Il PIL (prodotto interno lordo) è il valore monetario dei beni e dei servizi prodotti in un anno da un dato Paese. E, poiché l'economia domina da alcuni decenni le nostre vite, tale termine viene evocato con grande frequenza in qualsiasi discussione pubblica, sui giornali, nei talk show televisivi dedicati al dibattito politico, nei forum di discussione e nei commenti dei lettori delle testate online su Internet.

Abbiamo imparato che dalle variazioni del PIL dipendono le nostre vite: se il governo avrà soldi per ridurre il debito pubblico, per finanziare scuola, sanità e pensioni, se ci sarà una ripresa dell'occupazione, se i nostri risparmi saranno al sicuro e così via.

Tuttavia, sempre più di frequente si avverte, almeno presso una certa avanguardia di economisti, di intellettuali, di opinionisti,o semplicemente di persone bene informate una certa insoddisfazione verso questo strumento di valutazione dell'economia di un Paese o di un'intera area geografica.

Il PIL appare ormai a molti una misura molto grossolana, un termometro tutt'altro che preciso ed attendibile. Una grandezza che misura tutt'al più la quantità, ma non la qualità.

Come fece con forza notare il senatore Robert Kennedy, nel suo discorso del marzo 1968, qualche mese prima di essere assassinato, vanno ad arricchire il PIL, direttamente o indirettamente, anche attività criminali, l'inquinamento, la vendita di armamenti e di sostanze tossiche o nocive

Niente ci dice invece il PIL circa le diseguaglianze sociali, le condizioni dei lavoratori, la disponibilità di tempo libero e la felicità di un popolo.

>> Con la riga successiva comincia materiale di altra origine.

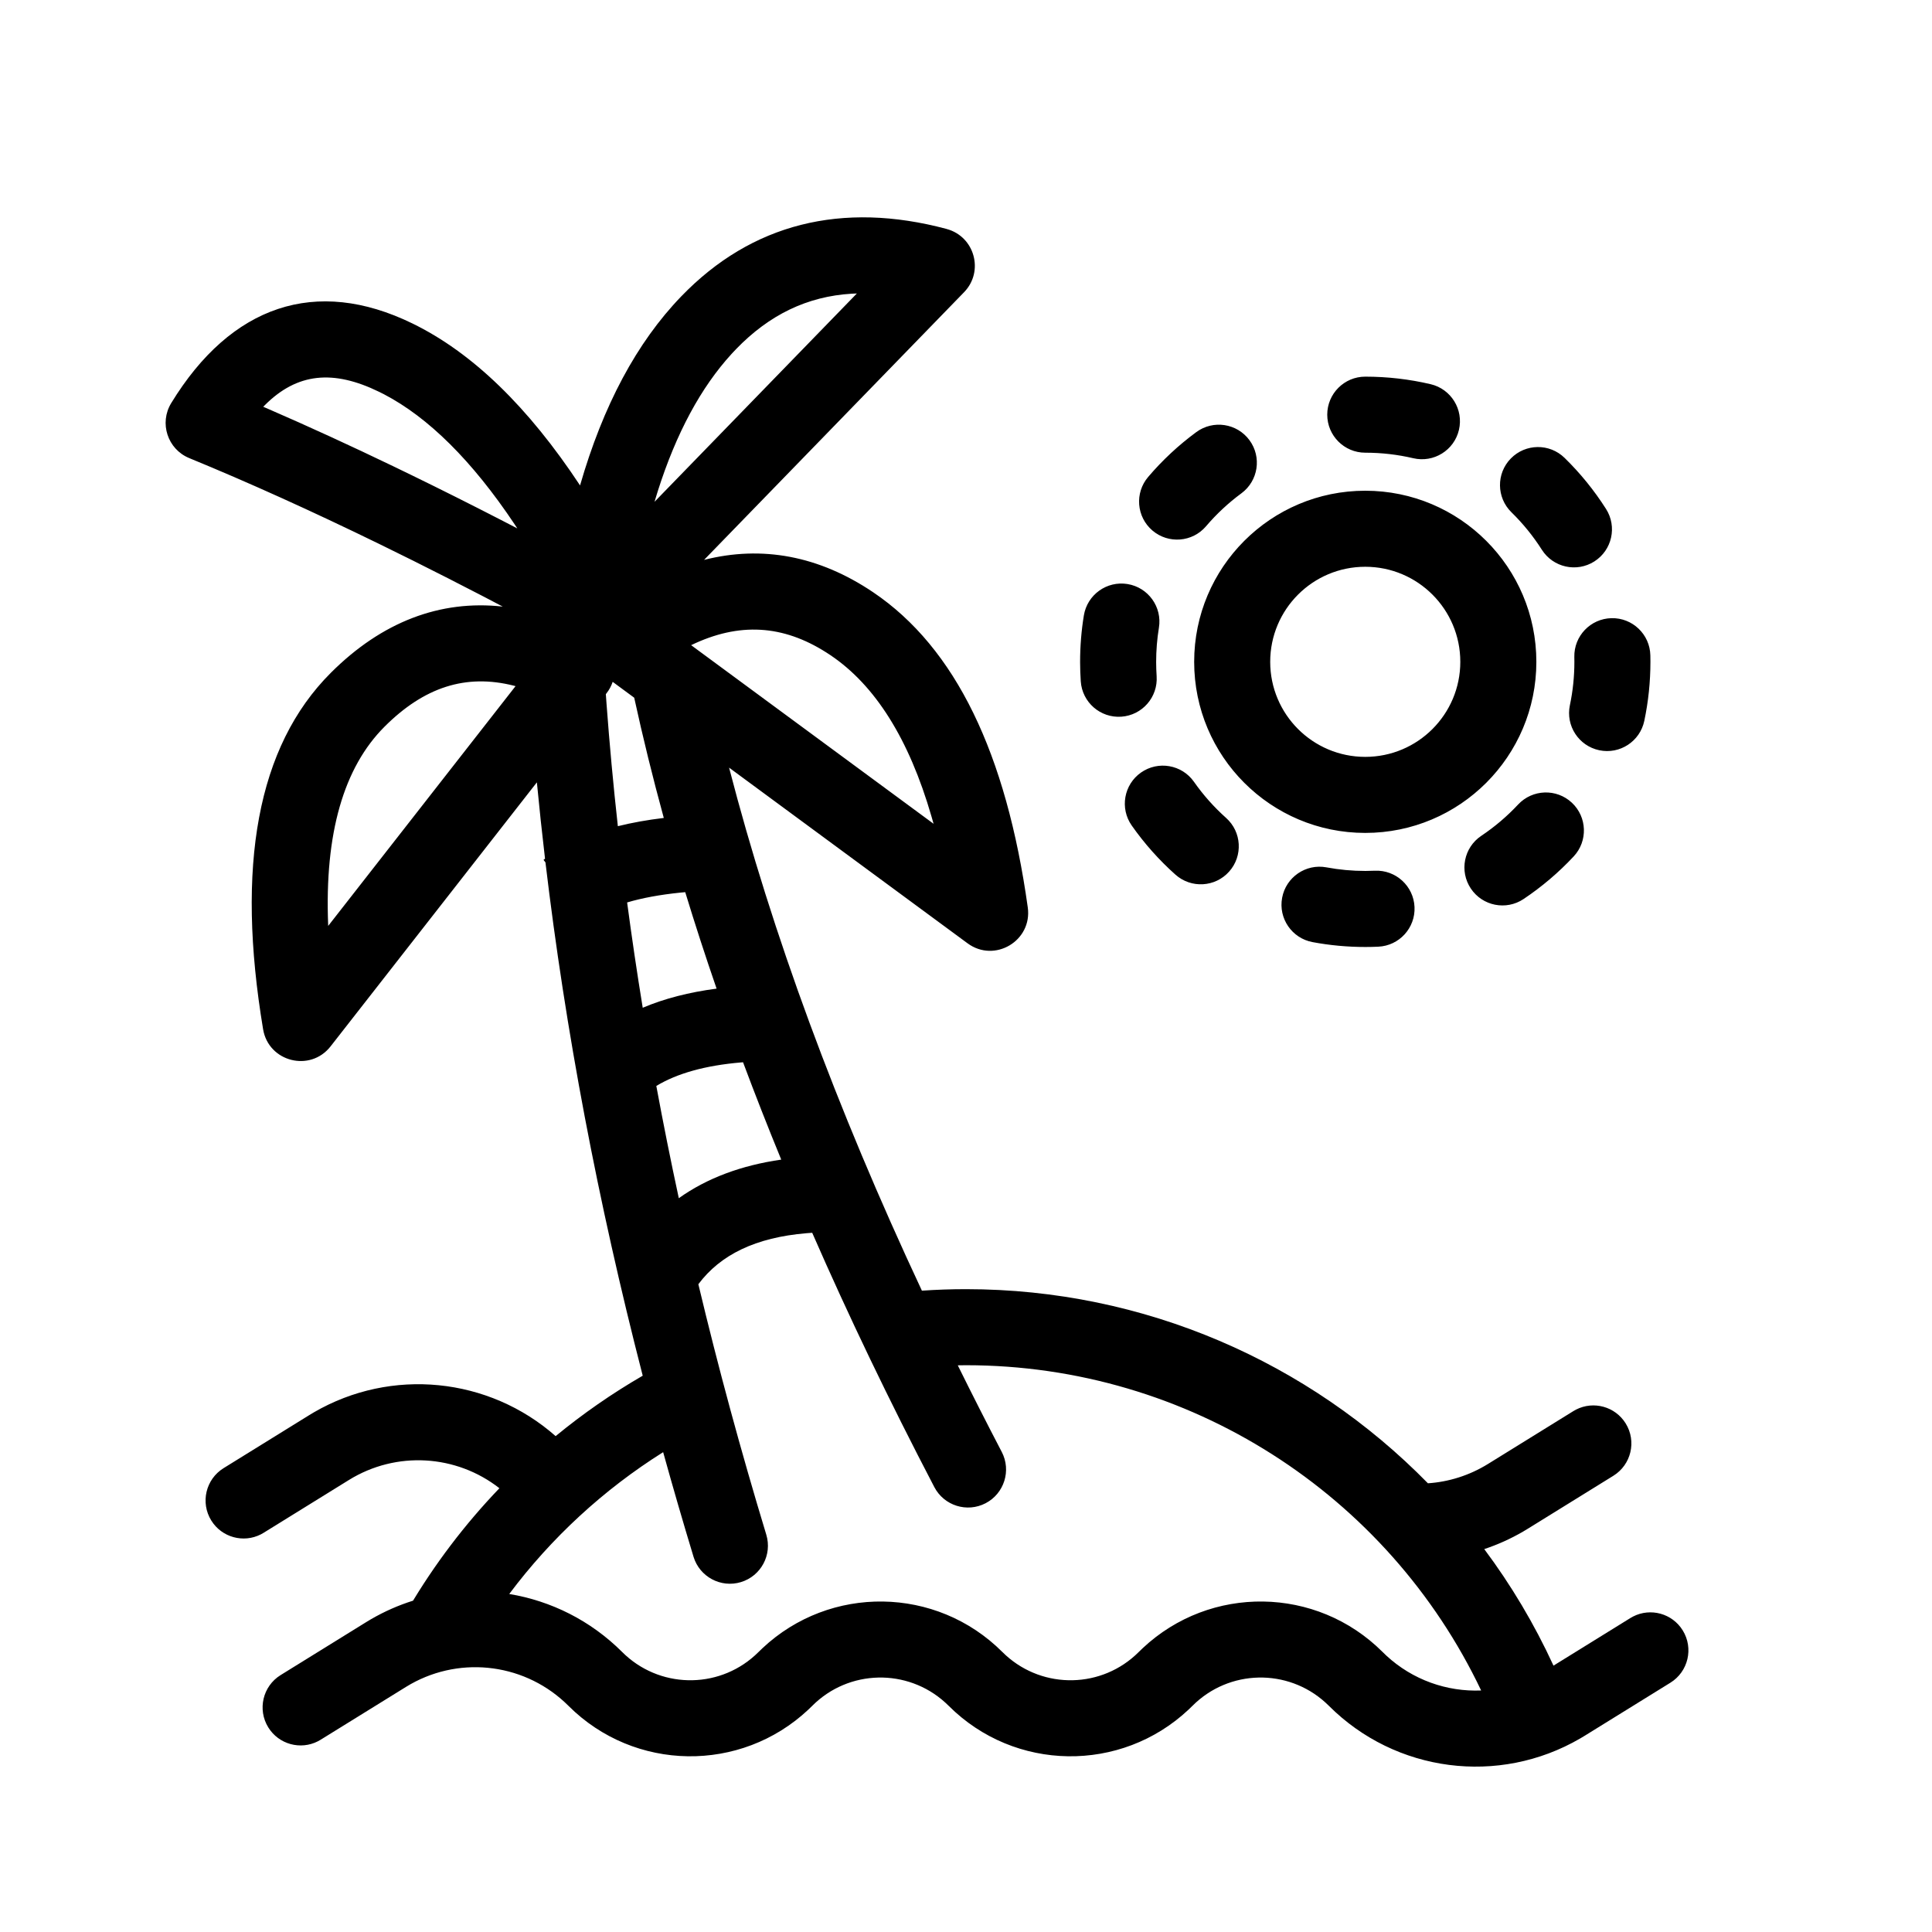 <?xml version="1.0" encoding="UTF-8"?>
<!-- Uploaded to: SVG Repo, www.svgrepo.com, Generator: SVG Repo Mixer Tools -->
<svg fill="#000000" width="800px" height="800px" version="1.1" viewBox="144 144 512 512" xmlns="http://www.w3.org/2000/svg">
 <path d="m394.86 204.68c7.434 1.988 9.992 11.234 4.629 16.758l-68.902 70.938c15.328-3.891 30.457-1.098 44.809 8.578 21.871 14.754 35.293 42.801 40.977 83.527 1.23 8.836-8.777 14.797-15.957 9.508l-63.203-46.559c11.395 43.969 28.426 90.18 51.102 138.61 3.879-0.266 7.777-0.398 11.691-0.398 47.273 0 90.953 19.332 122.41 51.445 5.508-0.371 10.98-2.066 15.93-5.129l22.609-13.996 0.719-0.406c4.625-2.371 10.367-0.828 13.152 3.668 2.93 4.734 1.465 10.941-3.266 13.871l-22.609 13.996-1.336 0.805c-3.305 1.918-6.746 3.461-10.27 4.633 7.113 9.523 13.281 19.859 18.348 30.883l20.375-12.613 0.719-0.406c4.625-2.367 10.371-0.824 13.152 3.672 2.93 4.731 1.469 10.941-3.266 13.871l-22.609 13.996-1.336 0.801c-21.531 12.508-48.875 9.016-66.57-8.684l-0.898-0.852c-10.027-9.117-25.551-8.832-35.234 0.852l-1.043 1.012c-17.914 16.832-46.082 16.492-63.586-1.012l-0.898-0.852c-10.027-9.117-25.551-8.832-35.234 0.852l-1.043 1.012c-17.914 16.832-46.082 16.492-63.59-1.012l-0.996-0.957c-11.469-10.605-28.676-12.32-42.055-4.039l-22.609 13.996-0.719 0.406c-4.625 2.371-10.371 0.824-13.152-3.668-2.93-4.734-1.469-10.941 3.266-13.871l22.609-13.996 1.336-0.805c3.582-2.078 7.324-3.719 11.156-4.922l-1.098 1.824c6.766-11.469 14.824-22.074 23.977-31.621-11.391-8.922-27.32-9.957-39.879-2.184l-22.609 13.996-0.719 0.41c-4.625 2.367-10.371 0.824-13.152-3.672-2.93-4.731-1.469-10.941 3.266-13.871l22.609-13.996 1.336-0.805c20.531-11.926 46.352-9.301 64.051 6.316 7.219-5.941 14.938-11.305 23.078-16.016-11.898-46.148-20.488-91.492-25.777-136.03l-0.516-0.672 0.402-0.305c-0.797-6.762-1.516-13.508-2.16-20.238l-54.676 69.977c-5.402 6.91-16.438 4.102-17.879-4.547-7.199-43.191-1.605-74.898 17.926-94.43 13.539-13.539 29-19.414 45.582-17.574l-4.992-2.617-9.465-4.867c-6.242-3.18-12.352-6.227-18.328-9.141-17.895-8.73-34.664-16.305-50.301-22.73-5.738-2.359-8.004-9.285-4.769-14.578 15.84-25.914 38.352-33.57 63.902-21.109 15.934 7.769 30.684 22.109 44.441 42.93 6.094-21.137 15-37.859 26.836-50.117 18.613-19.277 42.555-25.262 70.305-17.852zm-35.613 266.02-1.52 0.113c-13.473 1.133-22.797 5.688-28.656 13.52 5.231 21.926 11.23 44.051 18.004 66.375 1.613 5.324-1.391 10.949-6.719 12.566-5.324 1.613-10.949-1.395-12.566-6.719-2.812-9.27-5.492-18.508-8.047-27.715-15.789 9.918-29.629 22.684-40.789 37.582 11.047 1.824 21.566 7.016 29.93 15.379l0.898 0.855c10.027 9.113 25.551 8.828 35.234-0.855l1.043-1.008c17.914-16.832 46.082-16.496 63.586 1.008l0.898 0.855c10.027 9.113 25.551 8.828 35.234-0.855l1.043-1.008c17.914-16.832 46.082-16.496 63.59 1.008l0.996 0.961c6.969 6.441 16.059 9.605 25.117 9.234-24.75-51.996-77.449-86.199-136.52-86.199l-2.18 0.027c3.75 7.594 7.633 15.246 11.652 22.945 2.574 4.934 0.664 11.02-4.269 13.598-4.934 2.574-11.02 0.66-13.598-4.273-11.953-22.902-22.738-45.367-32.363-67.395zm-18.332-45.184-0.484 0.035c-9.59 0.809-17.047 2.934-22.5 6.238 1.828 9.879 3.812 19.789 5.961 29.742 7.445-5.305 16.543-8.699 27.145-10.223-3.562-8.668-6.934-17.266-10.121-25.793zm-15.32-45.082-1.211 0.109c-5.512 0.559-10.246 1.441-14.188 2.617 1.234 9.266 2.609 18.566 4.133 27.906 5.738-2.434 12.273-4.113 19.574-5.07-2.965-8.594-5.734-17.113-8.309-25.562zm169.94-6.574c3.363 0.629 6.797 0.949 10.312 0.949 0.836 0 1.668-0.02 2.496-0.059 5.559-0.25 10.27 4.055 10.52 9.613 0.25 5.559-4.055 10.27-9.613 10.52-1.125 0.051-2.254 0.078-3.394 0.078-4.766 0-9.438-0.434-14.023-1.293-5.473-1.023-9.078-6.285-8.055-11.754 1.023-5.473 6.289-9.078 11.758-8.055zm-215.38-48.152c-12.742-3.207-23.77 0.395-34.258 10.879-10.766 10.766-15.914 28.184-14.93 52.562l0.004 0.23 49.652-63.543zm280.4 31.012c4.066 3.801 4.285 10.176 0.488 14.242-3.981 4.258-8.438 8.051-13.281 11.289-4.625 3.094-10.883 1.852-13.977-2.777-3.094-4.625-1.852-10.883 2.777-13.977 3.555-2.379 6.828-5.16 9.75-8.289 3.801-4.066 10.176-4.285 14.242-0.488zm-100.14-5.531c2.457 3.504 5.316 6.715 8.508 9.566 4.152 3.703 4.516 10.074 0.809 14.227-3.703 4.152-10.074 4.512-14.227 0.809-4.348-3.879-8.238-8.25-11.586-13.02-3.195-4.555-2.098-10.84 2.457-14.039 4.555-3.195 10.84-2.098 14.039 2.457zm45.391-77.141c25.043 0 45.344 20.301 45.344 45.344 0 25.039-20.301 45.34-45.344 45.34-25.039 0-45.34-20.301-45.34-45.34 0-25.043 20.301-45.344 45.34-45.344zm-199.44 50.648c-0.352 1.059-0.891 2.078-1.625 3.016l-0.188 0.242 0.176 2.473c0.797 10.789 1.801 21.629 3.008 32.523 3.742-0.934 7.797-1.66 12.172-2.188-2.934-10.738-5.547-21.359-7.836-31.859zm20.789-9.719 64.254 47.336-0.551-1.922c-5.969-20.629-14.969-34.797-26.73-42.73l-1.148-0.75c-11.492-7.312-23.094-8.078-35.824-1.934zm178.65-20.777c-13.91 0-25.188 11.277-25.188 25.191 0 13.91 11.277 25.188 25.188 25.188 13.914 0 25.191-11.277 25.191-25.188 0-13.914-11.277-25.191-25.191-25.191zm65.254 13.621c5.562-0.125 10.176 4.281 10.301 9.848 0.012 0.562 0.02 1.125 0.02 1.695 0 5.324-0.547 10.559-1.625 15.676-1.148 5.445-6.492 8.93-11.938 7.781-5.445-1.148-8.93-6.492-7.781-11.938 0.789-3.75 1.191-7.594 1.191-11.516l-0.016-1.25c-0.125-5.562 4.285-10.172 9.848-10.297zm-128.25-9.043c5.492 0.898 9.215 6.082 8.316 11.57-0.488 2.977-0.734 5.996-0.734 9.109 0.004 1.254 0.047 2.5 0.129 3.742 0.375 5.551-3.82 10.355-9.371 10.734-5.555 0.375-10.359-3.82-10.734-9.375-0.113-1.684-0.172-3.379-0.176-5.09 0-4.215 0.332-8.324 0.996-12.379 0.902-5.488 6.082-9.211 11.574-8.312zm115.82-33.434c4.168 4.07 7.856 8.613 10.984 13.531 2.988 4.695 1.602 10.922-3.094 13.91-4.695 2.988-10.922 1.602-13.91-3.094-2.297-3.609-5.004-6.945-8.066-9.938-3.977-3.891-4.051-10.27-0.16-14.25 3.891-3.981 10.27-4.051 14.246-0.16zm-83.512-4.695c3.301 4.481 2.344 10.785-2.137 14.086-3.445 2.539-6.59 5.469-9.367 8.727-3.609 4.234-9.969 4.742-14.207 1.133-4.234-3.609-4.742-9.969-1.129-14.203 3.777-4.438 8.059-8.426 12.75-11.879 4.481-3.301 10.789-2.344 14.09 2.137zm-230.66-12.816c-12.168-5.934-21.719-5.027-30.297 3.562l-0.398 0.406 1.434 0.617c10.598 4.602 21.645 9.668 33.141 15.203l4.953 2.402c7.598 3.703 15.395 7.613 23.398 11.73l4.402 2.277-0.73-1.113c-11.262-16.848-22.848-28.297-34.598-34.43zm126.62-26.059-1.344 0.059c-11.797 0.699-21.879 5.59-30.676 14.699l-1.18 1.254c-8.117 8.871-14.664 20.98-19.555 36.359l-0.867 2.836zm134.73 22.043c5.883 0 11.684 0.676 17.32 1.996 5.418 1.273 8.777 6.695 7.508 12.113s-6.691 8.777-12.109 7.508c-4.133-0.969-8.387-1.465-12.719-1.465-5.562 0-10.074-4.512-10.074-10.074 0-5.566 4.512-10.078 10.074-10.078z"/>
</svg>

Ideato negli anni Trenta, nel pieno della Grande Depressione, il PIL destava qualche perplessità presso il suo stesso inventore, Simon Kuznets, che proprio grazie allo strumento di misura da lui ideato, fu insignito del premio Nobel. Egli affermò che difficilmente il benessere di una nazione poteva essere dedotto dalla misura del suo PIL.

L'insoddisfazione per il PIL ha ormai raggiunto anche i grandi della Terra, i capi di Governo dei Paesi più sviluppati. Nel 2008 il premier francese Sarkosy ha istituito una commissione composta da eminenti economisti, tra cui i premi Nobel Joseph Stiglitz e Amartya Sen, per stabilire se il Prodotto Interno Lordo è ancora un indicatore attendibile del progresso economico e sociale. La conclusione è stata che no, non è un indicatore attendibile del reale avanzamento di un Paese.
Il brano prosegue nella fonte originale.